Arts in schools: What difference do they make?

Last week, the South Carolina Senate passed a version of the state budget (previously approved by the House, whose Ways & Means Committee begins the process) that increased arts funding by $350,000.  Not to be outdone, the Senate appropriated an additional $100,000 specifically for arts education.

Both events are welcome news at the S.C. Arts Commission, and we’re thankful for the support from both chambers of the General Assembly. They voted 159-2 on aggregate in favor of the budget that includes this funding. The differences will need to be worked out in conference committee and then approved before being presented to Gov. Henry McMaster for his signature.


So, why’d they do it?

Do the arts really make a difference in education?

Research included in a new book could have some answers, including this key passage:

The problem is not usually the students; it is the system. Change the system in the right ways and many of the problems of poor behavior, low motivation, and disengagement tend to disappear. It can be the system itself that creates the problems.

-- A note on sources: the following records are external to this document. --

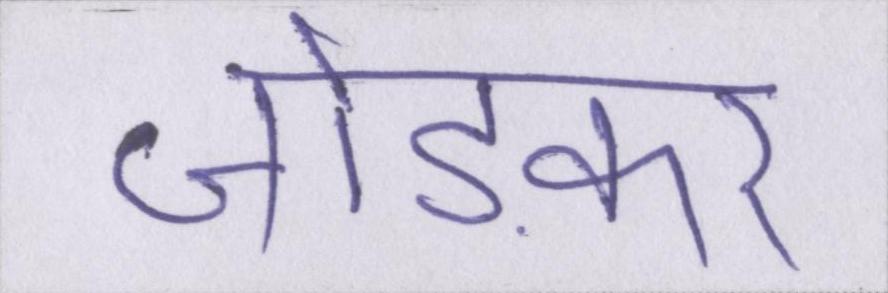
जोड़कर
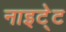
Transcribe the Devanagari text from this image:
नाइटे्ट
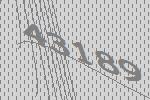
43189
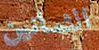
الثمانين
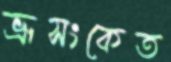
ভ্রূসংকেত
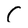
Character: C
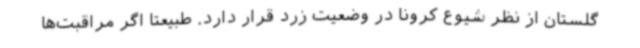
گلستان از نظر شیوع کرونا در وضعیت زرد قرار دارد. طبیعتاً اگر مراقبت‌ها
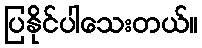
ပြနိုင်ပါသေးတယ်။
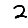
Digit: 2
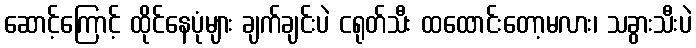
ဆောင့်ကြောင့် ထိုင်နေပုံများ ချက်ချင်းပဲ ငရုတ်သီး ထထောင်းတော့မလား၊ သခွားသီးပဲ
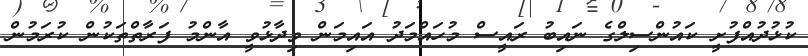
ކުޅުދުއްފުށީ ކައުންސިލްގެ ނައިބު ރައީސް މުހައްމަދު އައިމަން ވިދާޅުވީ އާންމު ފަރާތްތަކުން ކުރަމުން
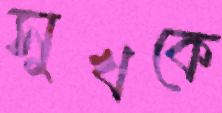
সুখকে
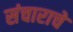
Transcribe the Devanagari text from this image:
संचाराचे
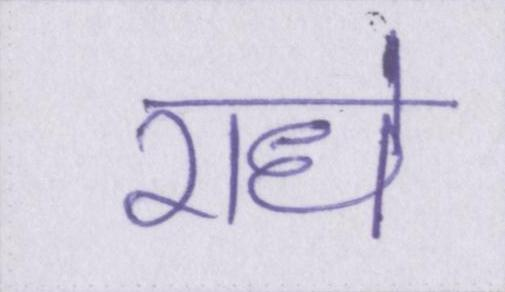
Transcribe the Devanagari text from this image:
राधे
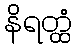
နိရတ္ထံ
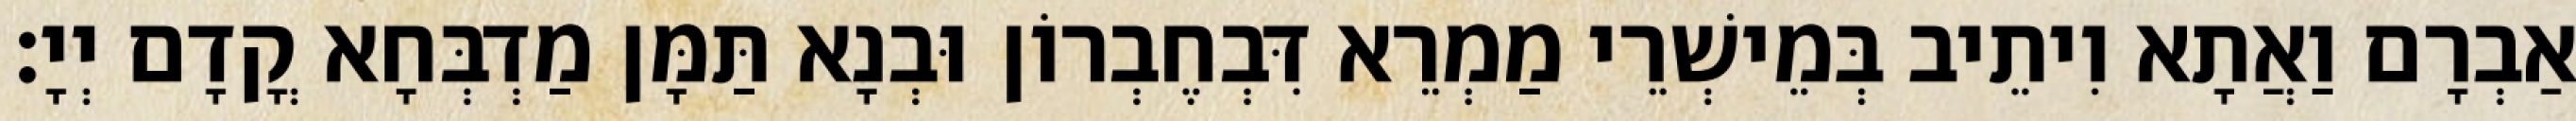
אַבְרָם וַאֲתָא וִיתֵיב בְּמֵישְׁרֵי מַמְרֵא דִּבְחֶבְרוֹן וּבְנָא תַּמָּן מַדְבְּחָא קֳדָם יְיָ׃
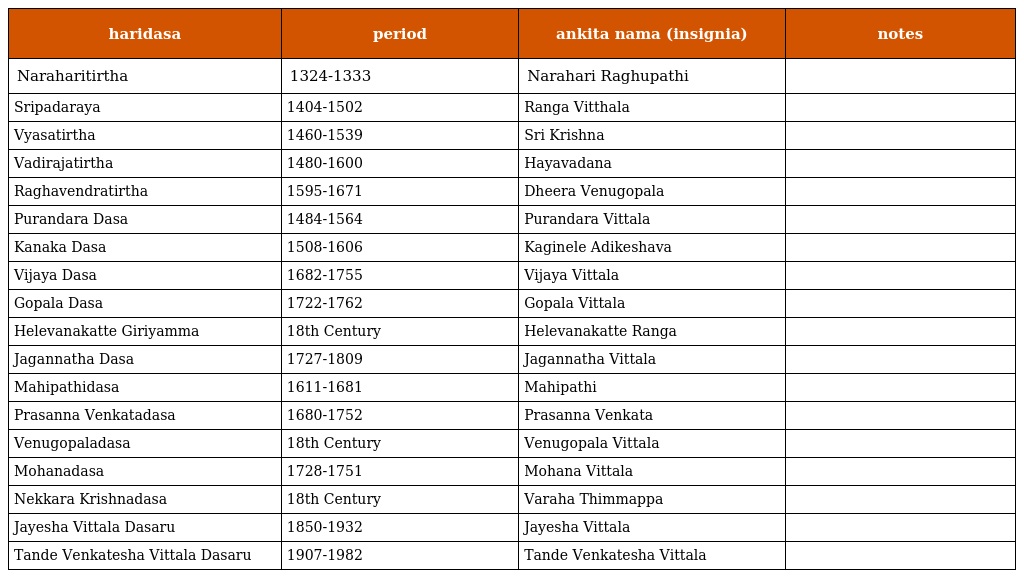
| haridasa | period | ankita nama (insignia) | notes |
 | --- | --- | --- | --- |
 | Naraharitirtha | 1324-1333 | Narahari Raghupathi |  |
 | Sripadaraya | 1404-1502 | Ranga Vitthala |  |
 | Vyasatirtha | 1460-1539 | Sri Krishna |  |
 | Vadirajatirtha | 1480-1600 | Hayavadana |  |
 | Raghavendratirtha | 1595-1671 | Dheera Venugopala |  |
 | Purandara Dasa | 1484-1564 | Purandara Vittala |  |
 | Kanaka Dasa | 1508-1606 | Kaginele Adikeshava |  |
 | Vijaya Dasa | 1682-1755 | Vijaya Vittala |  |
 | Gopala Dasa | 1722-1762 | Gopala Vittala |  |
 | Helevanakatte Giriyamma | 18th Century | Helevanakatte Ranga |  |
 | Jagannatha Dasa | 1727-1809 | Jagannatha Vittala |  |
 | Mahipathidasa | 1611-1681 | Mahipathi |  |
 | Prasanna Venkatadasa | 1680-1752 | Prasanna Venkata |  |
 | Venugopaladasa | 18th Century | Venugopala Vittala |  |
 | Mohanadasa | 1728-1751 | Mohana Vittala |  |
 | Nekkara Krishnadasa | 18th Century | Varaha Thimmappa |  |
 | Jayesha Vittala Dasaru | 1850-1932 | Jayesha Vittala |  |
 | Tande Venkatesha Vittala Dasaru | 1907-1982 | Tande Venkatesha Vittala |  |
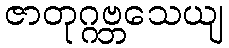
ဇာတုဂ္ဂဗ္ဘသေယျ
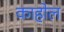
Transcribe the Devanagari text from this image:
काहोल
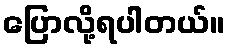
ပြောလို့ရပါတယ်။
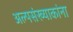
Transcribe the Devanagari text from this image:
अल्पसंख्याकांना
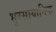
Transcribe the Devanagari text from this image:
भूरसायानिक
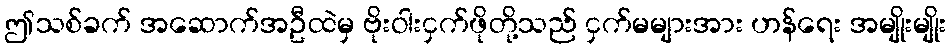
ဤသစ်ခက် အဆောက်အဦထဲမှ ဗိုးဝါးငှက်ဖိုတို့သည် ငှက်မများအား ဟန်ရေး အမျိုးမျိုး
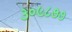
૩૦૯૮૭૭
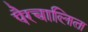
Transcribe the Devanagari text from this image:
पैरचालित
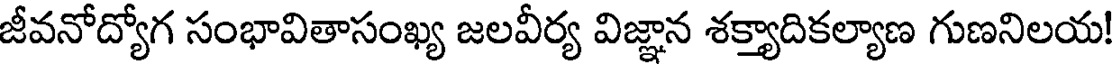
జీవనోద్యోగ సంభావితాసంఖ్య జలవీర్య విజ్ఞాన శక్త్యాదికల్యాణ గుణనిలయ!
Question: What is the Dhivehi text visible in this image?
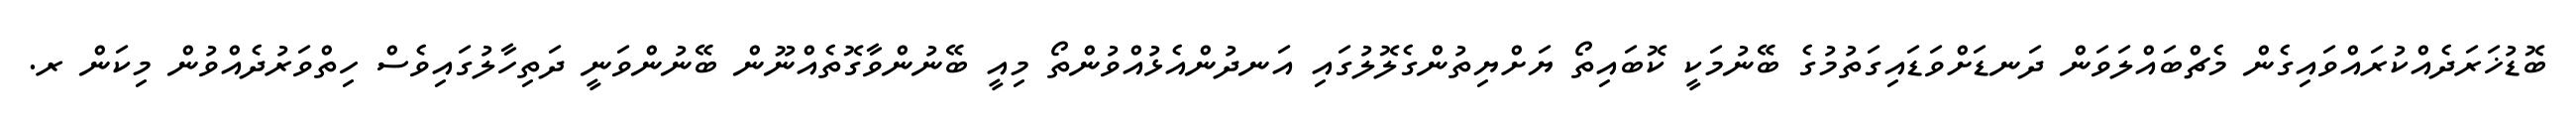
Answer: ބޮޑުޚަރަދެއްކުރައްވައިގެން މެޗްބައްލަވަން ދަނޑަށްވަޑައިގަތުމުގެ ބޭނުމަކީ ކޮބައިތޯ ޔަށްޔިތުންގެލޮލުގައި އަނދުންއެޅުއްވުންތޯ މިއީ ބޭނުންވާގޮތެއްނޫން ބޭނުންވަނީ ދަތިހާލުގައިވެސް ހިތްވަރުދެއްވުން މިކަން ރ.
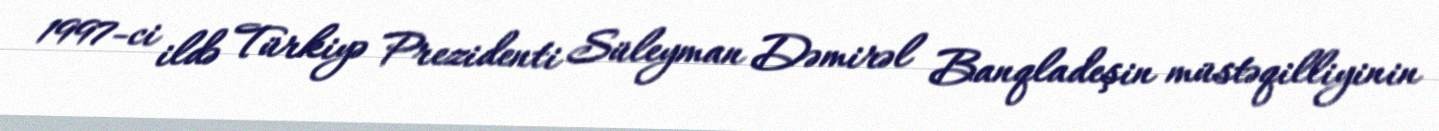
1997-ci ildə Türkiyə Prezidenti Süleyman Dəmirəl Banqladeşin müstəqilliyinin
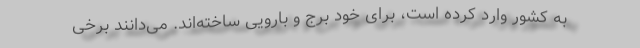
به کشور وارد کرده است، برای خود برج و بارویی ساخته‌اند. می‌دانند برخی
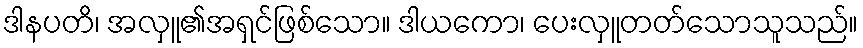
ဒါနပတိ၊ အလှူ၏အရှင်ဖြစ်သော။ ဒါယကော၊ ပေးလှူတတ်သောသူသည်။
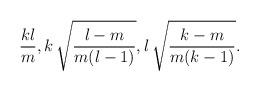
LaTeX: \begin{align*}\frac{k l}{m},k\,\sqrt{\frac{l-m}{m(l-1)}},l\,\sqrt{\frac{k-m}{m(k-1)}}.\end{align*}
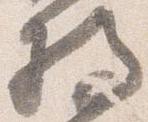
将
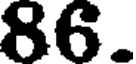
86.
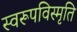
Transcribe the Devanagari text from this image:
स्वरूपविस्मृति
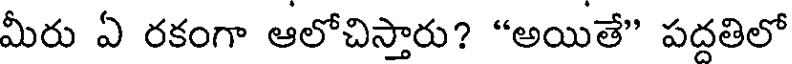
మీరు ఏ రకంగా ఆలోచిస్తారు? "అయితే" పద్దతిలో
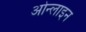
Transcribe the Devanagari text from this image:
ओन्लाइन
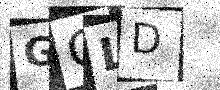
Text: GCLD
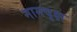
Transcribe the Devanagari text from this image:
नागवृक्ष
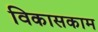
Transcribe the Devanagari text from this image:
विकासकाम
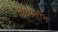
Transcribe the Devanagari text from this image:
प्लिम्प्तोन
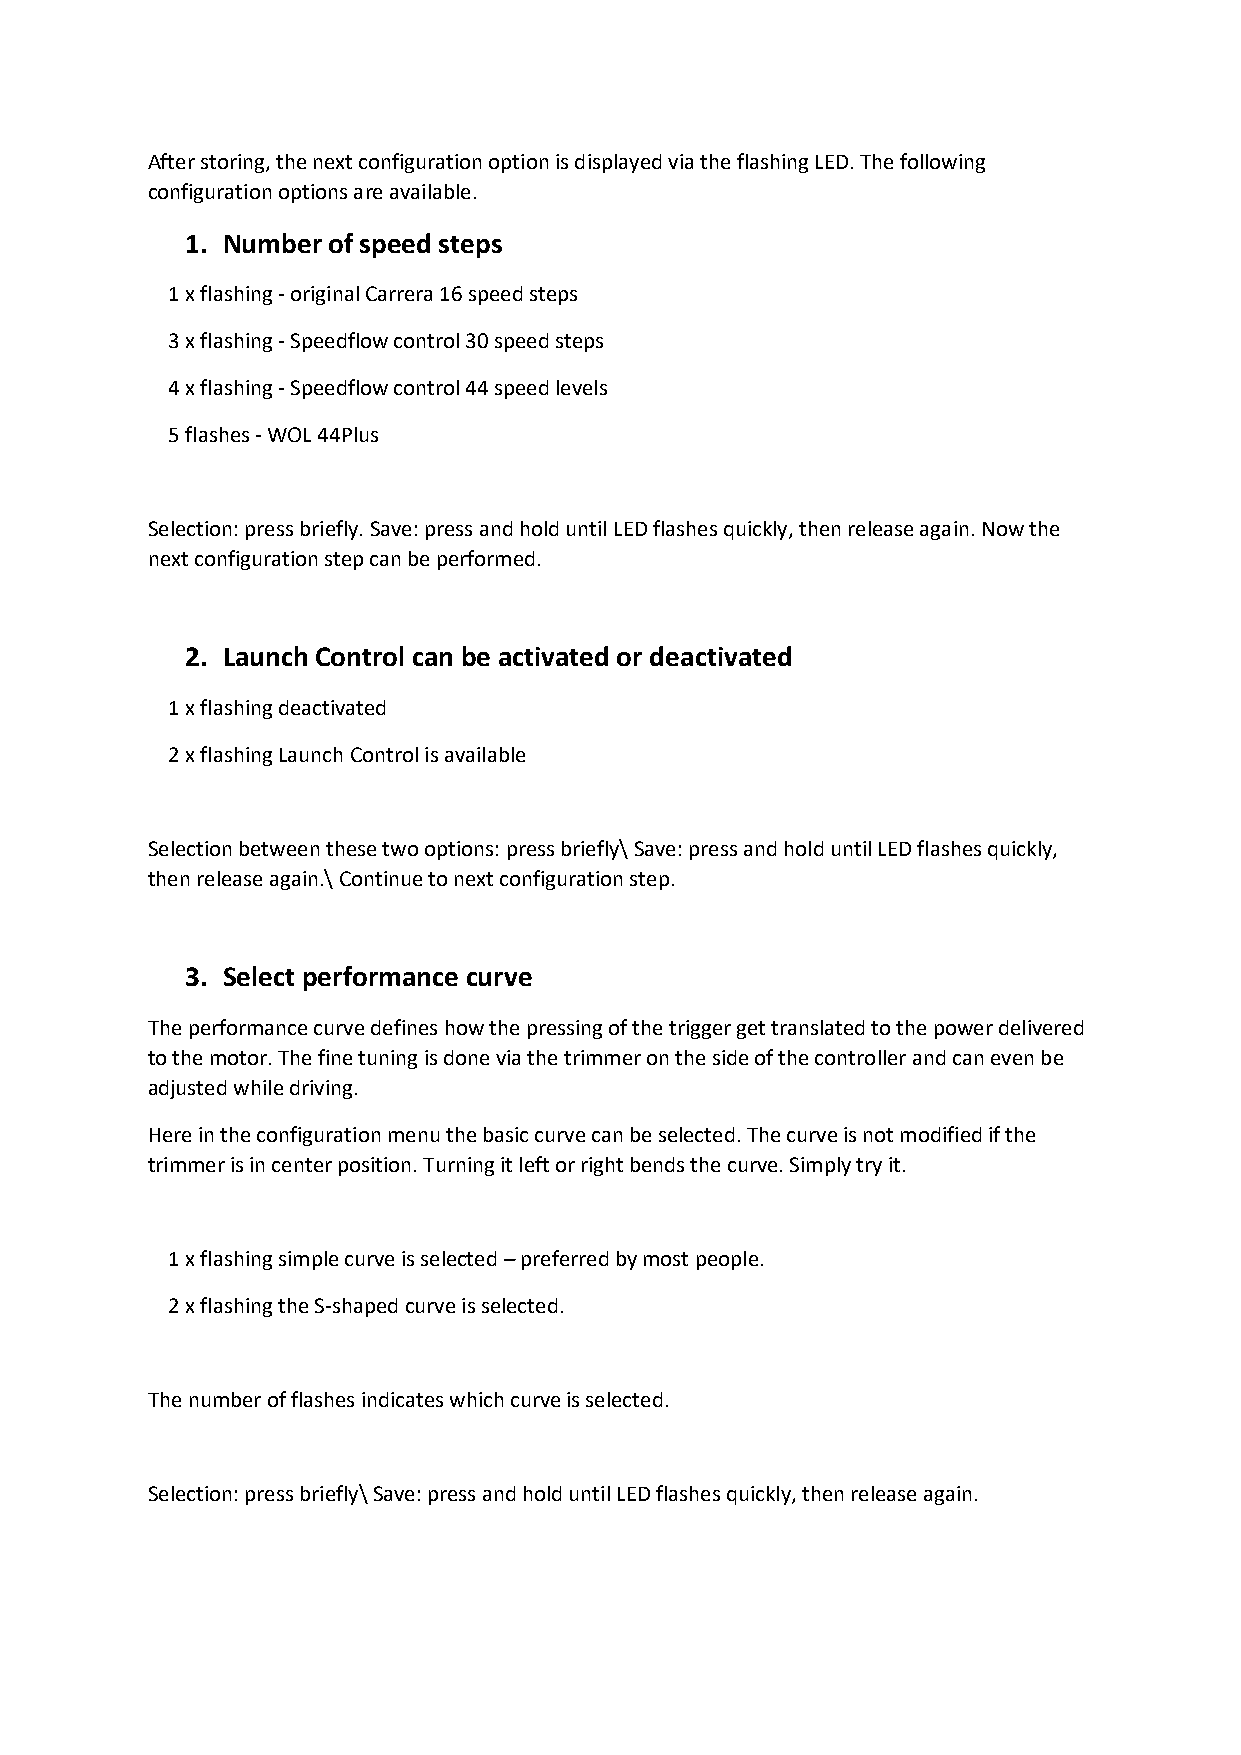
After storing, the next configuration option is displayed via the flashing LED. The following
 configuration options are available.
 1. Number of speed steps
 1 x flashing - original Carrera 16 speed steps
 3 x flashing - Speedflow control 30 speed steps
 4 x flashing - Speedflow control 44 speed levels
 5 flashes - WOL 44Plus
 Selection: press briefly. Save: press and hold until LED flashes quickly, then release again. Now the
 next configuration step can be performed.
 2. Launch Control can be activated or deactivated
 1 x flashing deactivated
 2 x flashing Launch Control is available
 Selection between these two options: press briefly\ Save: press and hold until LED flashes quickly,
 then release again.\ Continue to next configuration step.
 3. Select performance curve
 The performance curve defines how the pressing of the trigger get translated to the power delivered
 to the motor. The fine tuning is done via the trimmer on the side of the controller and can even be
 adjusted while driving.
 Here in the configuration menu the basic curve can be selected. The curve is not modified if the
 trimmer is in center position. Turning it left or right bends the curve. Simply try it.
 1 x flashing simple curve is selected – preferred by most people.
 2 x flashing the S-shaped curve is selected.
 The number of flashes indicates which curve is selected.
 Selection: press briefly\ Save: press and hold until LED flashes quickly, then release again.
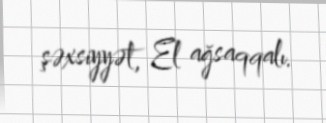
şəxsiyyət, El ağsaqqalı.
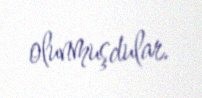
olunmuşdular.
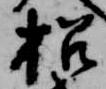
招
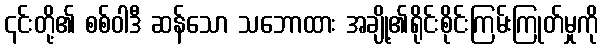
၎င်းတို့၏ စစ်ဝါဒီ ဆန်သော သဘောထား အချို့၏ရိုင်းစိုင်းကြမ်းကြုတ်မှုကို
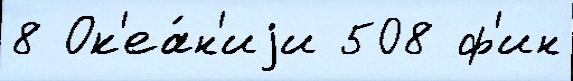
8 Ок'еа́н'иjи 508 ф'ин

That excerpt comes from “What Happens to Student Behavior When Schools Prioritize Art” on the KQED website, which simply excerpts the new book, You, Your Child, and School: Navigate Your Way to the Best Education by Sir Ken Robinson, Ph. D and Lou Aronica.

Go check out the excerpt on KQED, and know that the Arts Commission, through the ABC Project and other programs, is committed to providing quality arts education to all students across South Carolina.


Ed. note: the discussion or linking to of any publication by The Hub and/or the South Carolina Arts Commission does not express or imply endorsement or approval of any and/or all material therein.